Luis Chiesa, professor
UB Law School
Luis Chiesa.

Luis Chiesa

Luis Chiesa, who joins the UB Law faculty this summer, comes from a legal-minded family. His father is a law professor in Chiesa’s native Puerto Rico, and his mother is a practicing attorney. But, he says, it wasn’t always certain that he would end up in academia.

Chiesa studied business and accounting as an undergraduate at the University of Puerto Rico, and passed the exam to become a certified public accountant. But, he says, a love of the law ran deep inside him and as he considered career paths, “my sense was that legal academia was a really cool lifestyle choice. As a law professor you work a lot but you also have a lot of flexibility. You can choose what you want to read and research; you can be passionate about something and follow that; you’re given the time to do your research well, and publish and workshop your papers and your ideas. I just found that to be very attractive. I knew I wanted to teach as opposed to go to a big law firm.”

He followed that passion to the University of Puerto Rico Law School, where he graduated first in his class, and then to Columbia University, where he earned master’s and doctoral degrees in law. Since 2007, he has been at Pace University Law School in White Plains, N.Y., where he has taught his specialty, criminal law, as well as criminal procedure, torts and jurisprudence. He also has had visiting professorships in Bogotá, Seattle, Buenos Aires, Puerto Rico and Ottawa.

“I had always been attracted to Buffalo because of its criminal law program,” Chiesa says. “I decided that now was the time to move and go to a faculty where I would be surrounded by people who do what I do.”

What he does is substantive criminal law, which studies the elements of crime—describing, naming and understanding the conduct that is prohibited by criminal law. He brings the perspective of comparative law to the task, looking at the ways criminal law codes of other countries can inform an understanding of our own laws.

“You can learn a lot about your system by looking at other systems,” Chiesa says. “The way I explain it to my students is, in the legal world you can focus on the executive branch (the district attorney or attorney general), the legislative branch (Congress and state legislatures) or the judicial branch (a judge or clerk). Comparative law may be relevant in all three spheres.

“For example,” he says, “the Supreme Court is looking at how harshly other countries are punishing their criminals as a way of informing their understanding of the Eighth Amendment. In legislatures, if you want to change your criminal laws, it also makes sense to look at what other states and other countries are doing to see if they are coming up with new approaches to deal with old problems. If others are doing the same thing that you are, it probably means you are on the right track. If other countries have completely different views, that should raise a red flag.”
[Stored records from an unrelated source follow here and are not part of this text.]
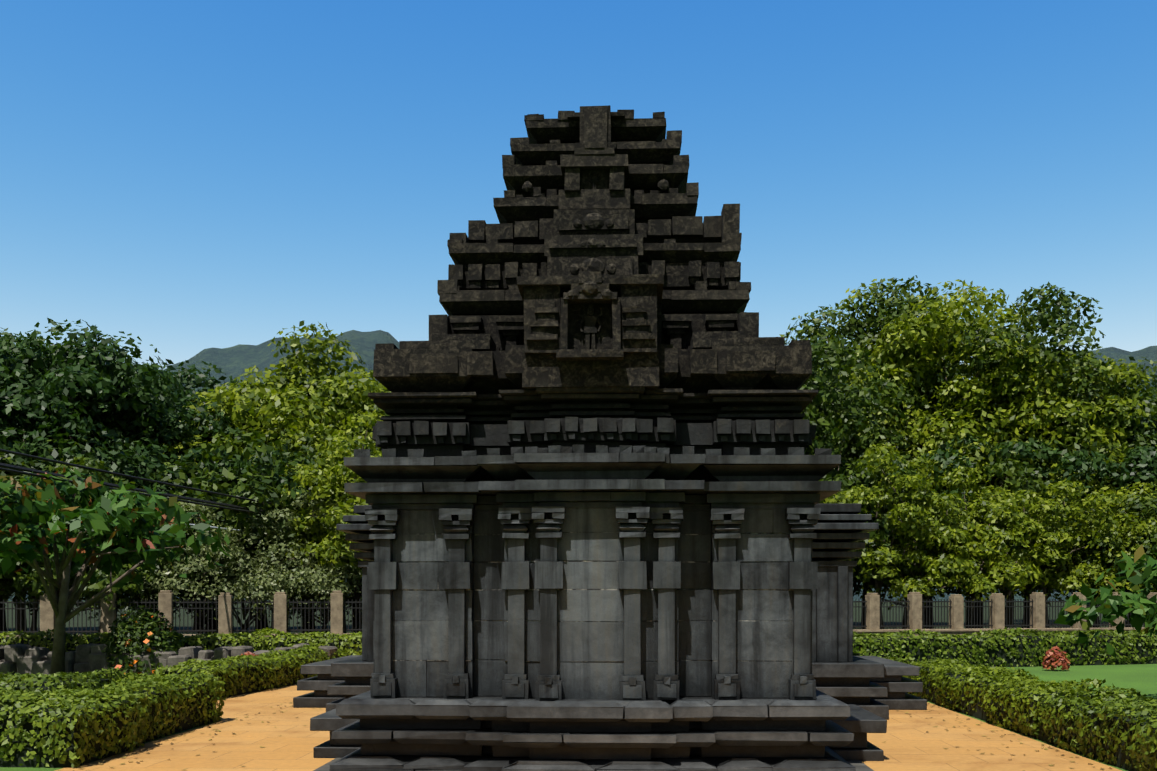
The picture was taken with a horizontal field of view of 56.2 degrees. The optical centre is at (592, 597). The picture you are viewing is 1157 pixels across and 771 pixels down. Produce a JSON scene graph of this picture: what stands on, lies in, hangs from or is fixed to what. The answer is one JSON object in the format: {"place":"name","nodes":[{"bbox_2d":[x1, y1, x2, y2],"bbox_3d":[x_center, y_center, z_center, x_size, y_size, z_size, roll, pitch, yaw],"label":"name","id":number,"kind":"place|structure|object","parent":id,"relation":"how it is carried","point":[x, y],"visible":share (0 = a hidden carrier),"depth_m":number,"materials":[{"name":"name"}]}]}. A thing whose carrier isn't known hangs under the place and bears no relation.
{"place":"outdoors","nodes":[
{"label":"outdoors","id":0,"kind":"place"},
{"bbox_2d":[5,601,1143,634],"bbox_3d":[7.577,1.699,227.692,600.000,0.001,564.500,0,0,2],"label":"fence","id":1,"kind":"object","parent":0,"point":[190,620],"depth_m":84.67,"materials":[{"name":"black metal"}]},
{"bbox_2d":[0,327,27,357],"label":"forest tree","id":2,"kind":"object","parent":1,"relation":"on","point":[14,336],"depth_m":40.21,"materials":[{"name":"green plant"}]},
{"bbox_2d":[0,418,32,596],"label":"tree","id":3,"kind":"object","parent":1,"relation":"on","point":[2,446],"depth_m":33.90,"materials":[{"name":"green plant"}]},
{"bbox_2d":[15,594,26,630],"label":"tree","id":4,"kind":"object","parent":1,"relation":"on","point":[23,619],"depth_m":53.16,"materials":[{"name":"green plant"}]},
{"bbox_2d":[0,440,53,606],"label":"tree","id":5,"kind":"object","parent":1,"relation":"on","point":[4,459],"visible":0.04,"depth_m":31.96,"materials":[{"name":"green plant"}]},
{"bbox_2d":[0,494,72,593],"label":"tree","id":6,"kind":"object","parent":1,"relation":"on","point":[10,578],"depth_m":29.54,"materials":[{"name":"green plant"}]},
{"bbox_2d":[0,471,115,630],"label":"tree","id":7,"kind":"object","parent":1,"relation":"on","point":[24,565],"visible":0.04,"depth_m":30.49,"materials":[{"name":"green plant"}]},
{"bbox_2d":[0,338,140,630],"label":"forest tree","id":8,"kind":"object","parent":1,"relation":"on","point":[18,396],"visible":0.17,"depth_m":34.68,"materials":[{"name":"green plant"}]},
{"bbox_2d":[3,437,147,614],"bbox_3d":[-17.352,-1.754,34.420,8.248,7.037,7.910,0,0,2],"label":"tree","id":9,"kind":"object","parent":1,"relation":"on","point":[36,465],"depth_m":32.10,"materials":[{"name":"green plant"}]},
{"bbox_2d":[0,537,162,610],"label":"tree","id":10,"kind":"object","parent":1,"relation":"on","point":[23,582],"visible":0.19,"depth_m":29.08,"materials":[{"name":"green plant"}]},
{"bbox_2d":[23,455,198,603],"bbox_3d":[-14.767,-1.200,32.229,6.024,5.914,5.545,0,0,2],"label":"tree","id":11,"kind":"object","parent":1,"relation":"on","point":[92,464],"visible":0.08,"depth_m":31.53,"materials":[{"name":"green plant"}]},
{"bbox_2d":[0,318,231,599],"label":"forest tree","id":12,"kind":"object","parent":1,"relation":"on","point":[98,381],"visible":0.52,"depth_m":35.27,"materials":[{"name":"green plant"}]},
{"bbox_2d":[1,344,239,630],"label":"forest tree","id":13,"kind":"object","parent":1,"relation":"on","point":[192,381],"visible":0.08,"depth_m":38.18,"materials":[{"name":"green plant"}]},
{"bbox_2d":[89,459,185,606],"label":"tree","id":14,"kind":"object","parent":1,"relation":"on","point":[165,490],"visible":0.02,"depth_m":34.37,"materials":[{"name":"green plant"}]},
{"bbox_2d":[100,604,182,674],"bbox_3d":[-9.842,0.926,23.625,1.830,1.597,1.835,0,0,2],"label":"orange shrub","id":15,"kind":"object","parent":1,"relation":"on","point":[125,626],"visible":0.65,"depth_m":23.20,"materials":[{"name":"green plant"}]},
{"bbox_2d":[113,614,171,673],"bbox_3d":[-9.932,1.037,23.525,1.511,1.381,1.639,0,0,2],"label":"orange flower","id":16,"kind":"object","parent":15,"relation":"attached to","point":[146,641],"visible":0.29,"depth_m":22.94,"materials":[{"name":"orange plant"}]},
{"bbox_2d":[76,488,223,628],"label":"tree","id":17,"kind":"object","parent":1,"relation":"on","point":[161,568],"visible":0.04,"depth_m":30.81,"materials":[{"name":"green plant"}]},
{"bbox_2d":[72,553,237,623],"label":"tree","id":18,"kind":"object","parent":1,"relation":"on","point":[149,594],"visible":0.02,"depth_m":31.50,"materials":[{"name":"green plant"}]},
{"bbox_2d":[0,449,318,531],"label":"power lines","id":19,"kind":"object","parent":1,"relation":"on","point":[38,472],"visible":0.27,"depth_m":25.09,"materials":[{"name":"black"}]},
{"bbox_2d":[68,370,267,615],"bbox_3d":[-17.597,-3.721,42.846,11.524,10.967,11.418,0,0,2],"label":"forest tree","id":20,"kind":"object","parent":1,"relation":"on","point":[190,392],"visible":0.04,"depth_m":39.83,"materials":[{"name":"green plant"}]},
{"bbox_2d":[0,643,337,677],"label":"stone border","id":21,"kind":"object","parent":1,"relation":"on","point":[21,659],"depth_m":23.15,"materials":[{"name":"grey stone"}]},
{"bbox_2d":[77,389,261,633],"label":"forest tree","id":22,"kind":"object","parent":1,"relation":"on","point":[210,624],"depth_m":44.09,"materials":[{"name":"green plant"}]},
{"bbox_2d":[0,627,361,654],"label":"hedge fence","id":23,"kind":"object","parent":1,"relation":"on","point":[351,644],"visible":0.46,"depth_m":24.46,"materials":[{"name":"green plant"}]},
{"bbox_2d":[109,455,253,606],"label":"tree","id":24,"kind":"object","parent":1,"relation":"on","point":[135,473],"depth_m":34.84,"materials":[{"name":"green plant"}]},
{"bbox_2d":[119,501,277,633],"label":"tree","id":25,"kind":"object","parent":1,"relation":"on","point":[195,563],"visible":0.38,"depth_m":30.70,"materials":[{"name":"green plant"}]},
{"bbox_2d":[193,611,203,629],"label":"tree","id":26,"kind":"object","parent":1,"relation":"on","point":[194,624],"depth_m":54.77,"materials":[{"name":"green plant"}]},
{"bbox_2d":[136,445,312,533],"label":"tree","id":27,"kind":"object","parent":1,"relation":"on","point":[224,463],"visible":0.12,"depth_m":34.94,"materials":[{"name":"green plant"}]},
{"bbox_2d":[144,522,327,633],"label":"tree","id":28,"kind":"object","parent":1,"relation":"on","point":[259,587],"visible":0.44,"depth_m":30.99,"materials":[{"name":"green plant"}]},
{"bbox_2d":[113,359,365,633],"bbox_3d":[-12.955,-3.703,41.892,10.513,10.952,11.347,0,0,2],"label":"forest tree","id":29,"kind":"object","parent":1,"relation":"on","point":[291,365],"visible":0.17,"depth_m":39.34,"materials":[{"name":"green plant"}]},
{"bbox_2d":[148,427,360,631],"bbox_3d":[-9.766,-1.743,35.452,8.923,7.019,7.466,0,0,-35],"label":"tree","id":30,"kind":"object","parent":1,"relation":"on","point":[255,488],"visible":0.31,"depth_m":32.70,"materials":[{"name":"green plant"}]},
{"bbox_2d":[271,612,273,628],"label":"tree","id":31,"kind":"object","parent":1,"relation":"on","point":[272,624],"depth_m":54.74,"materials":[{"name":"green plant"}]},
{"bbox_2d":[179,321,389,632],"bbox_3d":[-10.146,-4.292,41.096,12.414,12.122,12.097,0,0,2],"label":"forest tree","id":32,"kind":"object","parent":1,"relation":"on","point":[273,388],"visible":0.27,"depth_m":39.64,"materials":[{"name":"green plant"}]},
{"bbox_2d":[213,495,360,621],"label":"tree","id":33,"kind":"object","parent":1,"relation":"on","point":[287,565],"visible":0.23,"depth_m":31.92,"materials":[{"name":"green plant"}]},
{"bbox_2d":[233,491,366,632],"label":"tree","id":34,"kind":"object","parent":1,"relation":"on","point":[275,547],"visible":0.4,"depth_m":31.65,"materials":[{"name":"green plant"}]},
{"bbox_2d":[245,438,376,632],"bbox_3d":[-8.038,-1.987,36.477,7.457,7.498,6.689,0,0,-21],"label":"tree","id":35,"kind":"object","parent":1,"relation":"on","point":[278,480],"visible":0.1,"depth_m":33.51,"materials":[{"name":"green plant"}]},
{"bbox_2d":[260,503,363,632],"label":"tree","id":36,"kind":"object","parent":1,"relation":"on","point":[321,587],"visible":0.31,"depth_m":31.29,"materials":[{"name":"green plant"}]},
{"bbox_2d":[246,368,390,632],"bbox_3d":[-9.497,-3.908,43.313,10.857,11.341,11.852,0,0,-44],"label":"forest tree","id":37,"kind":"object","parent":1,"relation":"on","point":[365,374],"visible":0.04,"depth_m":39.41,"materials":[{"name":"green plant"}]},
{"bbox_2d":[270,410,382,632],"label":"tree","id":38,"kind":"object","parent":1,"relation":"on","point":[325,487],"visible":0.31,"depth_m":32.23,"materials":[{"name":"green plant"}]},
{"bbox_2d":[292,450,381,582],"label":"tree","id":39,"kind":"object","parent":1,"relation":"on","point":[334,518],"visible":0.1,"depth_m":30.84,"materials":[{"name":"green plant"}]},
{"bbox_2d":[298,405,388,516],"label":"forest tree","id":40,"kind":"object","parent":1,"relation":"on","point":[359,428],"depth_m":39.35,"materials":[{"name":"green plant"}]},
{"bbox_2d":[0,590,1156,637],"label":"fence posts","id":41,"kind":"object","parent":1,"relation":"on","point":[872,606],"visible":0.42,"depth_m":30.71,"materials":[{"name":"stone"}]},
{"bbox_2d":[803,384,853,480],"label":"forest tree","id":42,"kind":"object","parent":1,"relation":"on","point":[833,446],"depth_m":43.07,"materials":[{"name":"green plant"}]},
{"bbox_2d":[801,406,893,578],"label":"tree","id":43,"kind":"object","parent":1,"relation":"on","point":[881,533],"visible":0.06,"depth_m":37.93,"materials":[{"name":"green plant"}]},
{"bbox_2d":[799,330,942,535],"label":"forest tree","id":44,"kind":"object","parent":1,"relation":"on","point":[832,354],"visible":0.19,"depth_m":41.10,"materials":[{"name":"green plant"}]},
{"bbox_2d":[779,293,970,628],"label":"forest tree","id":45,"kind":"object","parent":1,"relation":"on","point":[854,324],"visible":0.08,"depth_m":47.43,"materials":[{"name":"green plant"}]},
{"bbox_2d":[815,407,939,604],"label":"tree","id":46,"kind":"object","parent":1,"relation":"on","point":[841,469],"visible":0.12,"depth_m":40.09,"materials":[{"name":"green plant"}]},
{"bbox_2d":[817,442,950,628],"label":"tree","id":47,"kind":"object","parent":1,"relation":"on","point":[862,495],"visible":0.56,"depth_m":36.79,"materials":[{"name":"green plant"}]},
{"bbox_2d":[848,448,975,628],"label":"tree","id":48,"kind":"object","parent":1,"relation":"on","point":[935,456],"visible":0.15,"depth_m":40.44,"materials":[{"name":"green plant"}]},
{"bbox_2d":[855,493,997,628],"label":"tree","id":49,"kind":"object","parent":1,"relation":"on","point":[960,566],"visible":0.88,"depth_m":36.68,"materials":[{"name":"green plant"}]},
{"bbox_2d":[823,278,1078,628],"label":"forest tree","id":50,"kind":"object","parent":1,"relation":"on","point":[914,340],"visible":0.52,"depth_m":44.35,"materials":[{"name":"green plant"}]},
{"bbox_2d":[927,359,992,418],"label":"tree","id":51,"kind":"object","parent":1,"relation":"on","point":[951,374],"visible":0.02,"depth_m":62.23,"materials":[{"name":"green plant"}]},
{"bbox_2d":[900,466,1043,628],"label":"tree","id":52,"kind":"object","parent":1,"relation":"on","point":[982,549],"visible":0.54,"depth_m":37.27,"materials":[{"name":"green plant"}]},
{"bbox_2d":[841,275,1128,628],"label":"forest tree","id":53,"kind":"object","parent":1,"relation":"on","point":[1045,319],"visible":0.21,"depth_m":44.61,"materials":[{"name":"green plant"}]},
{"bbox_2d":[923,458,1050,628],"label":"tree","id":54,"kind":"object","parent":1,"relation":"on","point":[1027,484],"visible":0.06,"depth_m":40.14,"materials":[{"name":"green plant"}]},
{"bbox_2d":[941,353,1037,626],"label":"tree","id":55,"kind":"object","parent":1,"relation":"on","point":[1008,595],"depth_m":63.90,"materials":[{"name":"green plant"}]},
{"bbox_2d":[936,496,1075,627],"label":"tree","id":56,"kind":"object","parent":1,"relation":"on","point":[1027,524],"visible":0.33,"depth_m":38.16,"materials":[{"name":"green plant"}]},
{"bbox_2d":[932,433,1130,627],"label":"tree","id":57,"kind":"object","parent":1,"relation":"on","point":[1081,465],"visible":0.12,"depth_m":41.86,"materials":[{"name":"green plant"}]},
{"bbox_2d":[918,351,1154,627],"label":"forest tree","id":58,"kind":"object","parent":1,"relation":"on","point":[1061,410],"visible":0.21,"depth_m":43.66,"materials":[{"name":"green plant"}]},
{"bbox_2d":[981,478,1124,627],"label":"tree","id":59,"kind":"object","parent":1,"relation":"on","point":[1090,506],"visible":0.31,"depth_m":38.40,"materials":[{"name":"green plant"}]},
{"bbox_2d":[982,347,1156,627],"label":"forest tree","id":60,"kind":"object","parent":1,"relation":"on","point":[1145,398],"visible":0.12,"depth_m":44.48,"materials":[{"name":"green plant"}]},
{"bbox_2d":[1016,497,1152,627],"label":"tree","id":61,"kind":"object","parent":1,"relation":"on","point":[1090,571],"visible":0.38,"depth_m":38.50,"materials":[{"name":"green plant"}]},
{"bbox_2d":[1035,449,1156,627],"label":"tree","id":62,"kind":"object","parent":1,"relation":"on","point":[1098,480],"visible":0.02,"depth_m":43.43,"materials":[{"name":"green plant"}]},
{"bbox_2d":[1046,369,1156,491],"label":"forest tree","id":63,"kind":"object","parent":1,"relation":"on","point":[1140,426],"visible":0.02,"depth_m":45.49,"materials":[{"name":"green plant"}]},
{"bbox_2d":[1062,494,1156,605],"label":"tree","id":64,"kind":"object","parent":1,"relation":"on","point":[1084,557],"visible":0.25,"depth_m":38.61,"materials":[{"name":"green plant"}]},
{"bbox_2d":[1065,481,1156,626],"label":"tree","id":65,"kind":"object","parent":1,"relation":"on","point":[1147,530],"visible":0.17,"depth_m":38.69,"materials":[{"name":"green plant"}]},
{"bbox_2d":[1067,445,1156,605],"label":"tree","id":66,"kind":"object","parent":1,"relation":"on","point":[1143,457],"visible":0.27,"depth_m":41.87,"materials":[{"name":"green plant"}]},
{"bbox_2d":[1114,494,1156,591],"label":"tree","id":67,"kind":"object","parent":1,"relation":"on","point":[1154,513],"visible":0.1,"depth_m":38.83,"materials":[{"name":"green plant"}]},
{"bbox_2d":[0,664,1156,770],"bbox_3d":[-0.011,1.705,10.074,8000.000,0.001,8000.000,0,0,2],"label":"ground","id":68,"kind":"structure","parent":0,"point":[1142,678],"depth_m":23.16,"materials":[{"name":"green plant"}]},
{"bbox_2d":[0,667,125,695],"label":"hedge","id":69,"kind":"object","parent":68,"relation":"on","point":[28,682],"visible":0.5,"depth_m":12.88,"materials":[{"name":"green plant"}]},
{"bbox_2d":[0,686,148,767],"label":"hedge","id":70,"kind":"object","parent":68,"relation":"on","point":[44,733],"visible":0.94,"depth_m":10.91,"materials":[{"name":"green plant"}]},
{"bbox_2d":[0,467,231,673],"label":"tree","id":71,"kind":"object","parent":68,"relation":"on","point":[37,522],"visible":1,"depth_m":22.47,"materials":[{"name":"green plant"}]},
{"bbox_2d":[240,651,258,656],"bbox_3d":[-7.179,1.427,22.714,0.927,0.639,0.980,0,0,-45],"label":"red plant","id":72,"kind":"object","parent":68,"relation":"on","point":[248,653],"visible":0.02,"depth_m":22.71,"materials":[{"name":"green plant"}]},
{"bbox_2d":[883,656,922,692],"bbox_3d":[5.178,1.393,19.750,1.486,0.656,1.311,0,0,-22],"label":"hedge","id":73,"kind":"object","parent":68,"relation":"on","point":[899,659],"visible":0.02,"depth_m":19.66,"materials":[{"name":"green plant"}]},
{"bbox_2d":[853,627,1156,667],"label":"hedge fence","id":74,"kind":"object","parent":68,"relation":"on","point":[1016,648],"visible":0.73,"depth_m":26.68,"materials":[{"name":"green plant"}]},
{"bbox_2d":[903,658,1114,737],"bbox_3d":[5.920,1.355,16.069,1.302,0.750,6.232,0,0,2],"label":"hedge","id":75,"kind":"object","parent":68,"relation":"on","point":[999,697],"visible":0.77,"depth_m":15.19,"materials":[{"name":"green plant"}]},
{"bbox_2d":[1041,646,1070,669],"bbox_3d":[10.843,1.420,25.314,0.652,0.606,0.636,0,0,2],"label":"red plant","id":76,"kind":"object","parent":68,"relation":"on","point":[1064,662],"visible":1,"depth_m":25.20,"materials":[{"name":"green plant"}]},
{"bbox_2d":[1031,687,1156,770],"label":"hedge","id":77,"kind":"object","parent":68,"relation":"on","point":[1117,728],"visible":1,"depth_m":11.43,"materials":[{"name":"green plant"}]},
{"bbox_2d":[1054,544,1156,657],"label":"tree","id":78,"kind":"object","parent":68,"relation":"on","point":[1138,608],"visible":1,"depth_m":16.90,"materials":[{"name":"green plant"}]},
{"bbox_2d":[0,0,1156,382],"label":"sky","id":79,"kind":"structure","parent":0,"point":[186,178],"materials":[{"name":"blue"}]},
{"bbox_2d":[8,330,1156,600],"bbox_3d":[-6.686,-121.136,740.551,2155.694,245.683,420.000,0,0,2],"label":"hills","id":80,"kind":"structure","parent":0,"point":[234,362],"depth_m":902.96,"materials":[{"name":"green plant"}]},
{"bbox_2d":[55,684,1121,770],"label":"dirt path","id":81,"kind":"structure","parent":0,"point":[910,744],"depth_m":12.39,"materials":[{"name":"orange soil"}]},
{"bbox_2d":[0,671,226,742],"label":"hedge","id":82,"kind":"object","parent":81,"relation":"on","point":[174,705],"visible":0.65,"depth_m":13.66,"materials":[{"name":"green plant"}]},
{"bbox_2d":[153,644,349,697],"bbox_3d":[-6.341,1.350,21.046,1.236,0.777,6.417,0,0,8],"label":"hedge","id":83,"kind":"object","parent":81,"relation":"on","point":[242,674],"visible":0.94,"depth_m":19.63,"materials":[{"name":"green plant"}]},
{"bbox_2d":[56,702,1103,770],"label":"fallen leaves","id":84,"kind":"object","parent":81,"relation":"on","point":[882,742],"visible":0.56,"depth_m":12.66,"materials":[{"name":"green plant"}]},
{"bbox_2d":[293,105,926,770],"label":"temple","id":85,"kind":"structure","parent":81,"relation":"on","point":[593,525],"depth_m":10.02,"materials":[{"name":"stone"}]},
{"bbox_2d":[313,758,873,770],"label":"apron paving","id":86,"kind":"structure","parent":0,"point":[859,766],"depth_m":10.89,"materials":[{"name":"stone"}]}
]}

Chiesa also has published in the area of animal law, including an article titled “Why Is It a Crime to Stomp on a Goldfish?” that examines five ways to answer that question, concluding that the animal itself can have “coherent moral claims against being harmed.” The question, he says, is: “What sort of morally relevant features does an entity need in order to impose moral claims on people? Ultimately what matters is sentience, the capacity to feel pain.”

At UB, Chiesa will teach criminal law and procedure, as well as other courses. He also will direct the Buffalo Criminal Law Center, organizing symposiums, inviting scholars to Buffalo and contributing to the school’s master of laws program in criminal law. He’s also planning a book on comparative criminal law and hopes to use Spanish, his first language, in working with the Latin American Law Students Association and to “reach out to people in the SUNY Buffalo community generally, as well as scholars in different faculties.”

Chiesa and his wife, Karla, ski in the winter and hike in the summer. He says they have skied all along the East Coast, as well as out West, and have hiked trails in New York’s Catskills and the White Mountains of New Hampshire.